A: Institutional racism is usually quiet, but effective. Also, in Hawai'i there's a different kind of racism from that found on the mainland -- a more quiet but deep racism of the type previously found in Germany in the 1930s. Hawaiian metaphysical racism is based on a religious theory that every ethnic Hawaiian (one drop of the magic blood is sufficient) is descended from the gods and has a genealogical relationship with the land; while other people lacking a drop of the magic blood are merely guests or outsiders in an "indigenous" homeland. This religious theory is used as a basis for asserting an inherent right to racial supremacy in political power. Students at Kamehameha Schools (and the "host culture" charter schools Kamehameha also now controls) are indoctrinated with metaphysical racism and feelings of racial "entitlement" to political control over their "indigenous" homeland. Kamehameha thus functions as a kind of "madrassa" like those found in Saudi Arabia. For a detailed analysis of Hawaiian metaphysical racism, see:
https://www.angelfire.com/hi5/bigfiles3/racismhawsov.html
and for an explanation of the ancient Hawaiian religious theory underlying it, see:
https://www.angelfire.com/hi2/hawaiiansovereignty/religion.html
Q: Isn't Kamehameha a private school? Can't someone leave private property to friends and family in a Will? Isn't a Will sacred anymore?
A: Not too long ago there were all-white suburban communities where every property deed contained a racial covenant requiring property owners to sell only to white buyers. That was private property; but those racial covenants were ruled illegal. Lester Maddox, Governor of Georgia in the late 1960s, was the owner of a restaurant in downtown Atlanta, where he used an axe handle to keep Negroes out of his restaurant. It was his private restaurant, but the law forced him to desegregate or else shut down. Kamehameha also benefits from hundreds of millions of dollars annually in tax exemptions because it is a charitable trust. But even if it gave up the tax exemption, and even though it is private, our laws say it is illegal to exclude people because of race. Some Hawaiian activists like to say that every person with any Hawaiian blood is part of a big family; but the law doesn't recognize a widely dispersed and greatly attenuated "blood brotherhood" as having the rights of a family. A Will is "sacred" only to the extent that its provisions are legal. If something is illegal for a living person to do, then it is also illegal for a dead person to command living people to do that through the terms of a will. But note the discussion below: the 9th Circuit Court of Appeals did NOT overturn the Will. The Court had no quarrel at all with the Will. Amazing but true. See below for details.
Q: Aren't there children of all races at Kamehameha? There are ethnic Japanese (as long as they have at least a little Hawaiian ancestry). There are Irish (just so they have a little Hawaiian). There are African Americans (with a little Hawaiian blood). Kamehameha looks like the United Nations!

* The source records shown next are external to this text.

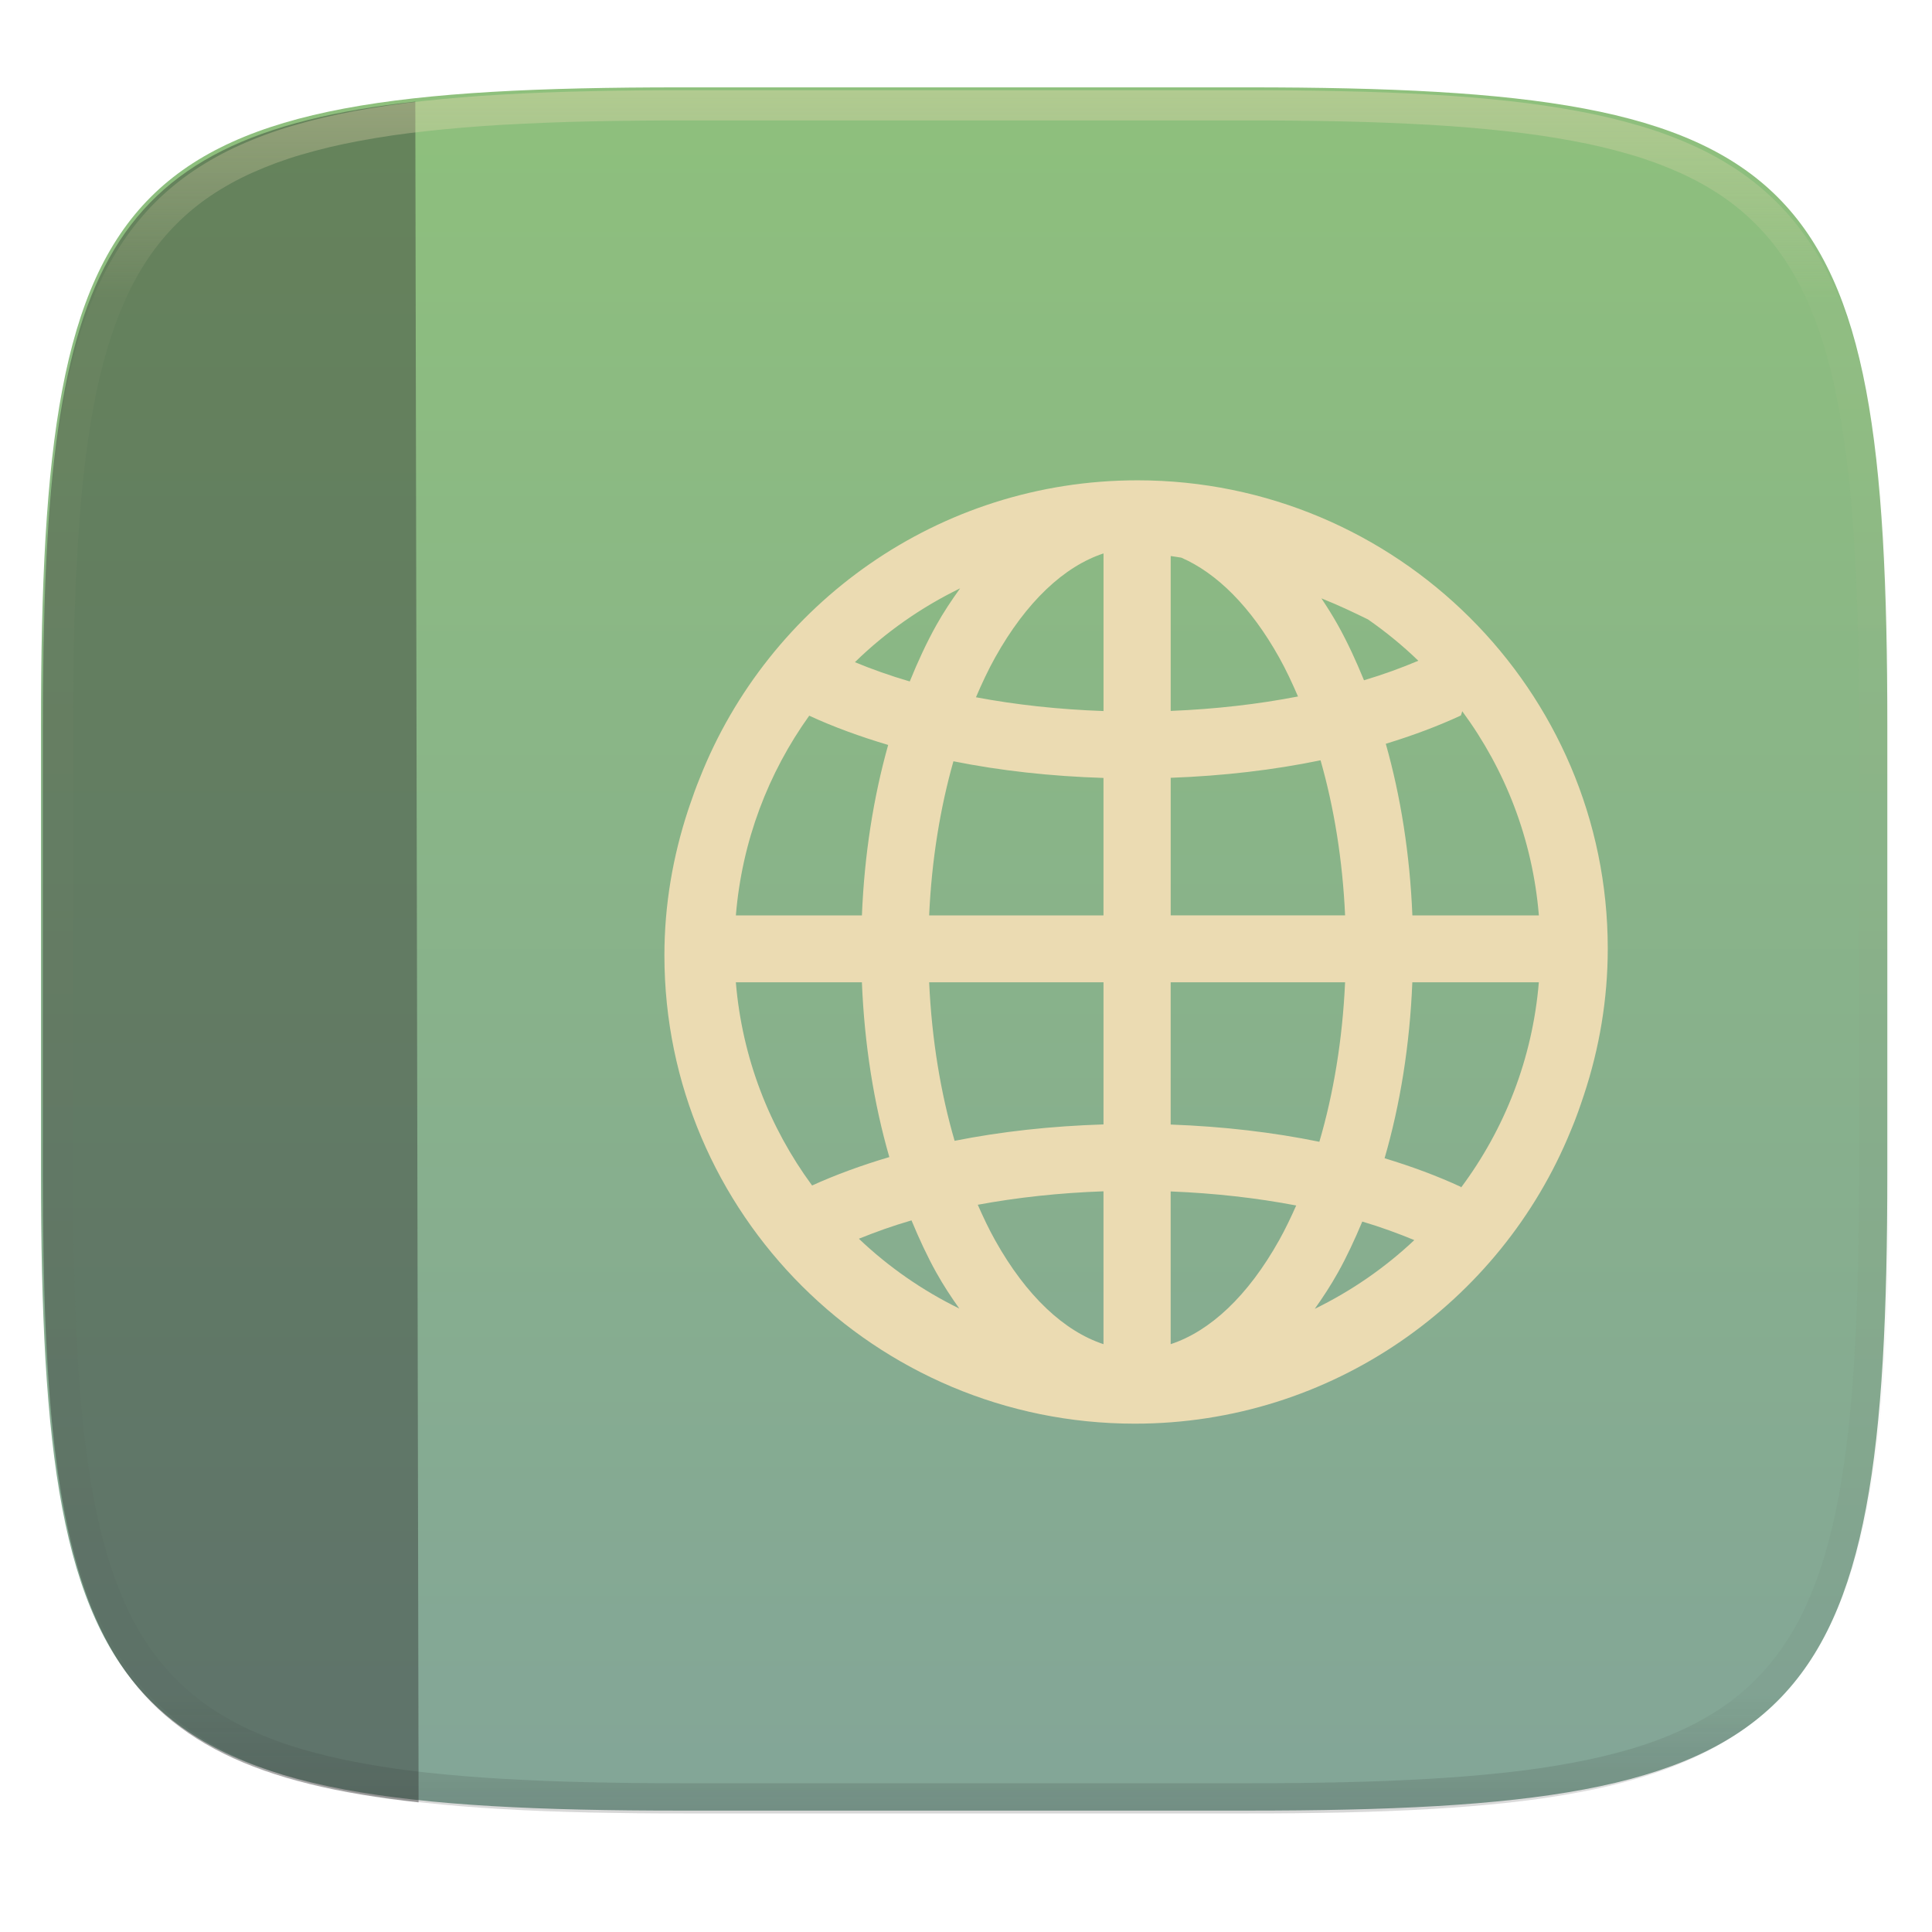 <svg xmlns="http://www.w3.org/2000/svg" style="isolation:isolate" width="256" height="256" viewBox="0 0 256 256">
 <g filter="url(#Qfuy6IimdNrWyacQ6vCE1fqTNkJHz95Z)">
  <linearGradient id="_lgradient_75" x1=".5" x2=".5" y1="0" y2="1" gradientTransform="matrix(244.648,0,0,228.338,5.43,11.577)" gradientUnits="userSpaceOnUse">
   <stop offset="0%" style="stop-color:#8ec07c"/>
   <stop offset="100%" style="stop-color:#83a598"/>
  </linearGradient>
  <path fill="url(#_lgradient_75)" d="M 165.439 11.577 C 239.495 11.577 250.078 22.134 250.078 96.12 L 250.078 155.371 C 250.078 229.358 239.495 239.915 165.439 239.915 L 90.069 239.915 C 16.014 239.915 5.43 229.358 5.43 155.371 L 5.43 96.12 C 5.43 22.134 16.014 11.577 90.069 11.577 L 165.439 11.577 Z"/>
 </g>
 <g opacity=".4">
  <path fill="#282828" d="M 55.465 238.826 C 12.706 234.2 5.68 216.025 5.68 155.745 L 5.68 96.494 C 5.68 36.419 12.658 18.163 55.03 13.461 L 55.465 238.826 L 55.465 238.826 Z"/>
 </g>
 <g opacity=".4">
  <linearGradient id="_lgradient_76" x1=".517" x2=".517" y1="0" y2="1" gradientTransform="matrix(244.65,0,0,228.34,5.68,11.95)" gradientUnits="userSpaceOnUse">
   <stop offset="0%" style="stop-color:#ebdbb2"/>
   <stop offset="12.5%" stop-opacity=".098" style="stop-color:#ebdbb2"/>
   <stop offset="92.5%" stop-opacity=".098" style="stop-color:#282828"/>
   <stop offset="100%" stop-opacity=".498" style="stop-color:#282828"/>
  </linearGradient>
  <path fill="url(#_lgradient_76)" fill-rule="evenodd" d="M 165.068 11.951 C 169.396 11.941 173.724 11.991 178.052 12.089 C 181.927 12.167 185.803 12.315 189.678 12.541 C 193.131 12.737 196.583 13.022 200.026 13.395 C 203.085 13.73 206.144 14.181 209.174 14.741 C 211.889 15.243 214.574 15.881 217.22 16.657 C 219.62 17.355 221.971 18.219 224.243 19.241 C 226.358 20.184 228.384 21.304 230.302 22.591 C 232.142 23.829 233.863 25.244 235.437 26.806 C 237.001 28.378 238.417 30.088 239.656 31.925 C 240.945 33.841 242.066 35.865 243.02 37.967 C 244.043 40.247 244.909 42.585 245.617 44.972 C 246.394 47.615 247.034 50.297 247.535 53.009 C 248.096 56.035 248.548 59.081 248.883 62.136 C 249.257 65.575 249.542 69.014 249.739 72.462 C 249.965 76.323 250.112 80.194 250.201 84.055 C 250.289 88.378 250.339 92.701 250.329 97.014 L 250.329 155.226 C 250.339 159.549 250.289 163.862 250.201 168.185 C 250.112 172.056 249.965 175.917 249.739 179.778 C 249.542 183.226 249.257 186.675 248.883 190.104 C 248.548 193.159 248.096 196.215 247.535 199.241 C 247.034 201.943 246.394 204.625 245.617 207.268 C 244.909 209.655 244.043 212.003 243.02 214.273 C 242.066 216.385 240.945 218.399 239.656 220.315 C 238.417 222.152 237.001 223.872 235.437 225.434 C 233.863 226.996 232.142 228.411 230.302 229.649 C 228.384 230.936 226.358 232.056 224.243 232.999 C 221.971 234.021 219.62 234.885 217.22 235.593 C 214.574 236.369 211.889 237.007 209.174 237.499 C 206.144 238.068 203.085 238.51 200.026 238.845 C 196.583 239.218 193.131 239.503 189.678 239.699 C 185.803 239.925 181.927 240.073 178.052 240.161 C 173.724 240.249 169.396 240.299 165.068 240.289 L 90.942 240.289 C 86.614 240.299 82.286 240.249 77.958 240.161 C 74.083 240.073 70.207 239.925 66.332 239.699 C 62.879 239.503 59.427 239.218 55.984 238.845 C 52.925 238.51 49.866 238.068 46.836 237.499 C 44.121 237.007 41.436 236.369 38.79 235.593 C 36.39 234.885 34.039 234.021 31.767 232.999 C 29.652 232.056 27.626 230.936 25.708 229.649 C 23.868 228.411 22.147 226.996 20.573 225.434 C 19.009 223.872 17.593 222.152 16.354 220.315 C 15.065 218.399 13.944 216.385 12.99 214.273 C 11.967 212.003 11.101 209.655 10.393 207.268 C 9.616 204.625 8.976 201.943 8.475 199.241 C 7.914 196.215 7.462 193.159 7.127 190.104 C 6.753 186.675 6.468 183.226 6.271 179.778 C 6.045 175.917 5.898 172.056 5.809 168.185 C 5.721 163.862 5.671 159.549 5.681 155.226 L 5.681 97.014 C 5.671 92.701 5.721 88.378 5.809 84.055 C 5.898 80.194 6.045 76.323 6.271 72.462 C 6.468 69.014 6.753 65.575 7.127 62.136 C 7.462 59.081 7.914 56.035 8.475 53.009 C 8.976 50.297 9.616 47.615 10.393 44.972 C 11.101 42.585 11.967 40.247 12.99 37.967 C 13.944 35.865 15.065 33.841 16.354 31.925 C 17.593 30.088 19.009 28.378 20.573 26.806 C 22.147 25.244 23.868 23.829 25.708 22.591 C 27.626 21.304 29.652 20.184 31.767 19.241 C 34.039 18.219 36.39 17.355 38.79 16.657 C 41.436 15.881 44.121 15.243 46.836 14.741 C 49.866 14.181 52.925 13.73 55.984 13.395 C 59.427 13.022 62.879 12.737 66.332 12.541 C 70.207 12.315 74.083 12.167 77.958 12.089 C 82.286 11.991 86.614 11.941 90.942 11.951 L 165.068 11.951 Z M 165.078 15.96 C 169.376 15.95 173.675 15.999 177.973 16.087 C 181.8 16.176 185.626 16.323 189.452 16.539 C 192.836 16.736 196.219 17.011 199.583 17.384 C 202.554 17.699 205.515 18.131 208.446 18.681 C 211.023 19.153 213.58 19.762 216.099 20.499 C 218.322 21.147 220.495 21.953 222.6 22.896 C 224.509 23.751 226.338 24.763 228.069 25.922 C 229.692 27.013 231.207 28.26 232.594 29.646 C 233.981 31.031 235.23 32.544 236.332 34.165 C 237.492 35.894 238.506 37.712 239.361 39.608 C 240.306 41.72 241.112 43.892 241.761 46.102 C 242.509 48.617 243.109 51.162 243.591 53.736 C 244.132 56.664 244.565 59.611 244.889 62.578 C 245.263 65.938 245.539 69.308 245.735 72.688 C 245.952 76.51 246.109 80.322 246.188 84.144 C 246.276 88.437 246.325 92.721 246.325 97.014 C 246.325 97.014 246.325 97.014 246.325 97.014 L 246.325 155.226 C 246.325 155.226 246.325 155.226 246.325 155.226 C 246.325 159.519 246.276 163.803 246.188 168.096 C 246.109 171.918 245.952 175.74 245.735 179.552 C 245.539 182.932 245.263 186.302 244.889 189.672 C 244.565 192.629 244.132 195.576 243.591 198.504 C 243.109 201.078 242.509 203.623 241.761 206.138 C 241.112 208.358 240.306 210.52 239.361 212.632 C 238.506 214.528 237.492 216.356 236.332 218.075 C 235.23 219.706 233.981 221.219 232.594 222.604 C 231.207 223.98 229.692 225.227 228.069 226.318 C 226.338 227.477 224.509 228.489 222.6 229.344 C 220.495 230.297 218.322 231.093 216.099 231.741 C 213.58 232.478 211.023 233.087 208.446 233.559 C 205.515 234.109 202.554 234.541 199.583 234.865 C 196.219 235.229 192.836 235.514 189.452 235.701 C 185.626 235.917 181.8 236.074 177.973 236.153 C 173.675 236.251 169.376 236.29 165.078 236.29 C 165.078 236.29 165.078 236.29 165.068 236.29 L 90.942 236.29 C 90.932 236.29 90.932 236.29 90.932 236.29 C 86.634 236.29 82.335 236.251 78.037 236.153 C 74.21 236.074 70.384 235.917 66.558 235.701 C 63.174 235.514 59.791 235.229 56.427 234.865 C 53.456 234.541 50.495 234.109 47.564 233.559 C 44.987 233.087 42.43 232.478 39.911 231.741 C 37.688 231.093 35.515 230.297 33.41 229.344 C 31.501 228.489 29.672 227.477 27.941 226.318 C 26.318 225.227 24.803 223.98 23.416 222.604 C 22.029 221.219 20.78 219.706 19.678 218.075 C 18.518 216.356 17.504 214.528 16.649 212.632 C 15.704 210.52 14.898 208.358 14.249 206.138 C 13.501 203.623 12.901 201.078 12.419 198.504 C 11.878 195.576 11.445 192.629 11.121 189.672 C 10.747 186.302 10.472 182.932 10.275 179.552 C 10.058 175.74 9.901 171.918 9.822 168.096 C 9.734 163.803 9.685 159.519 9.685 155.226 C 9.685 155.226 9.685 155.226 9.685 155.226 L 9.685 97.014 C 9.685 97.014 9.685 97.014 9.685 97.014 C 9.685 92.721 9.734 88.437 9.822 84.144 C 9.901 80.322 10.058 76.51 10.275 72.688 C 10.472 69.308 10.747 65.938 11.121 62.578 C 11.445 59.611 11.878 56.664 12.419 53.736 C 12.901 51.162 13.501 48.617 14.249 46.102 C 14.898 43.892 15.704 41.72 16.649 39.608 C 17.504 37.712 18.518 35.894 19.678 34.165 C 20.78 32.544 22.029 31.031 23.416 29.646 C 24.803 28.26 26.318 27.013 27.941 25.922 C 29.672 24.763 31.501 23.751 33.41 22.896 C 35.515 21.953 37.688 21.147 39.911 20.499 C 42.43 19.762 44.987 19.153 47.564 18.681 C 50.495 18.131 53.456 17.699 56.427 17.384 C 59.791 17.011 63.174 16.736 66.558 16.539 C 70.384 16.323 74.21 16.176 78.037 16.087 C 82.335 15.999 86.634 15.95 90.932 15.96 C 90.932 15.96 90.932 15.96 90.942 15.96 L 165.068 15.96 C 165.078 15.96 165.078 15.96 165.078 15.96 Z"/>
 </g>
 <path fill="#ebdbb2" fill-rule="evenodd" d="M 150.708 63.645 C 124.346 63.645 101.811 80.045 92.718 103.115 C 92.234 104.289 91.809 105.491 91.396 106.699 C 91.315 106.949 91.222 107.192 91.144 107.443 C 89.166 113.483 88.037 119.898 88.037 126.59 C 88.037 160.817 115.987 188.643 150.366 188.643 C 176.48 188.643 198.856 172.568 208.124 149.847 C 208.127 149.841 208.13 149.835 208.133 149.829 C 208.799 148.264 209.361 146.652 209.898 145.025 C 211.909 138.936 213.037 132.449 213.037 125.697 C 213.037 91.478 185.079 63.644 150.707 63.644 L 150.708 63.645 Z M 146.222 73.331 L 146.222 94.217 C 140.27 94.008 134.579 93.38 129.32 92.391 C 130.11 90.548 130.938 88.772 131.842 87.154 C 136.005 79.693 141.033 75.038 146.222 73.331 L 146.222 73.331 Z M 155.125 73.677 C 155.593 73.754 156.068 73.808 156.533 73.893 C 161.221 75.936 165.728 80.369 169.513 87.154 C 170.4 88.743 171.214 90.482 171.991 92.287 C 166.755 93.302 161.07 93.962 155.124 94.2 L 155.124 73.677 L 155.125 73.677 Z M 127.225 77.953 C 126.108 79.505 125.032 81.112 124.06 82.852 C 122.768 85.169 121.611 87.678 120.548 90.296 C 117.942 89.535 115.531 88.674 113.279 87.743 C 117.343 83.771 122.052 80.474 127.225 77.954 L 127.225 77.953 Z M 175.095 79.286 C 177.526 80.257 179.39 81.163 181.259 82.073 C 183.632 83.722 185.867 85.551 187.936 87.552 C 185.712 88.494 183.319 89.367 180.737 90.14 C 179.69 87.581 178.561 85.122 177.294 82.852 C 176.603 81.612 175.858 80.437 175.095 79.286 L 175.095 79.286 Z M 193.753 94.243 C 199.433 101.941 203.078 111.2 203.908 121.293 L 187.146 121.293 C 186.818 113.188 185.597 105.521 183.624 98.554 C 187.18 97.469 190.518 96.224 193.571 94.806 C 193.654 94.612 193.7 94.428 193.753 94.243 L 193.753 94.243 Z M 107.227 94.832 C 110.423 96.312 113.944 97.594 117.686 98.709 C 115.739 105.637 114.533 113.248 114.208 121.293 L 97.507 121.293 C 98.315 111.458 101.793 102.413 107.227 94.833 L 107.227 94.832 Z M 174.981 100.744 C 176.752 106.951 177.899 113.899 178.232 121.292 L 155.123 121.292 L 155.123 103.063 C 162.118 102.808 168.801 102.021 174.981 100.743 L 174.981 100.744 Z M 126.334 100.873 C 132.528 102.118 139.221 102.86 146.218 103.081 L 146.218 121.293 L 123.117 121.293 C 123.448 113.95 124.583 107.048 126.334 100.873 L 126.334 100.873 Z M 97.504 130.156 L 114.206 130.156 C 114.539 138.422 115.798 146.24 117.84 153.319 C 114.182 154.402 110.749 155.655 107.606 157.084 C 101.965 149.413 98.338 140.198 97.503 130.156 L 97.504 130.156 Z M 123.118 130.156 L 146.219 130.156 L 146.219 148.991 C 139.282 149.209 132.641 149.938 126.491 151.164 C 124.646 144.842 123.459 137.73 123.118 130.156 L 123.118 130.156 Z M 155.121 130.156 L 178.231 130.156 C 177.887 137.78 176.688 144.94 174.822 151.293 C 168.687 150.034 162.057 149.261 155.121 149.008 L 155.121 130.156 L 155.121 130.156 Z M 187.142 130.156 L 203.904 130.156 C 203.059 140.316 199.357 149.628 193.602 157.352 C 193.586 157.325 193.584 157.292 193.567 157.265 C 190.471 155.827 187.077 154.569 183.464 153.474 C 185.532 146.354 186.805 138.482 187.141 130.155 L 187.142 130.156 Z M 146.218 157.855 L 146.218 178.11 C 141.032 176.4 136 171.763 131.838 164.304 C 131.027 162.851 130.28 161.273 129.56 159.638 C 134.752 158.674 140.358 158.061 146.218 157.855 L 146.218 157.855 Z M 155.121 157.872 C 160.979 158.105 166.579 158.743 171.753 159.734 C 171.044 161.335 170.305 162.878 169.509 164.304 C 165.345 171.766 160.311 176.402 155.12 178.11 L 155.12 157.873 L 155.121 157.872 Z M 120.778 161.707 C 121.782 164.121 122.855 166.453 124.056 168.606 C 125 170.298 126.035 171.877 127.117 173.392 C 122.202 170.984 117.721 167.865 113.806 164.139 C 115.986 163.261 118.281 162.428 120.779 161.706 L 120.778 161.707 Z M 180.51 161.863 C 182.981 162.595 185.255 163.434 187.404 164.321 C 183.514 167.985 179.077 171.054 174.215 173.426 C 175.301 171.896 176.342 170.308 177.293 168.605 C 178.468 166.499 179.523 164.219 180.51 161.862 L 180.51 161.863 Z"/>
</svg>

A: When Governor Lester Maddox used his axe handle to keep Negroes out of his private chicken restaurant, he was only discriminating against perhaps 30% of Georgia's people, and perhaps 10% of all the people of America. Kamehameha is excluding 80% of Hawai'i's children from its schools for no reason other than race; and 99% of all the children of America. The court has ruled that the kind of racial exclusion practiced by Kamehameha is illegal because it violates the civil rights of everyone.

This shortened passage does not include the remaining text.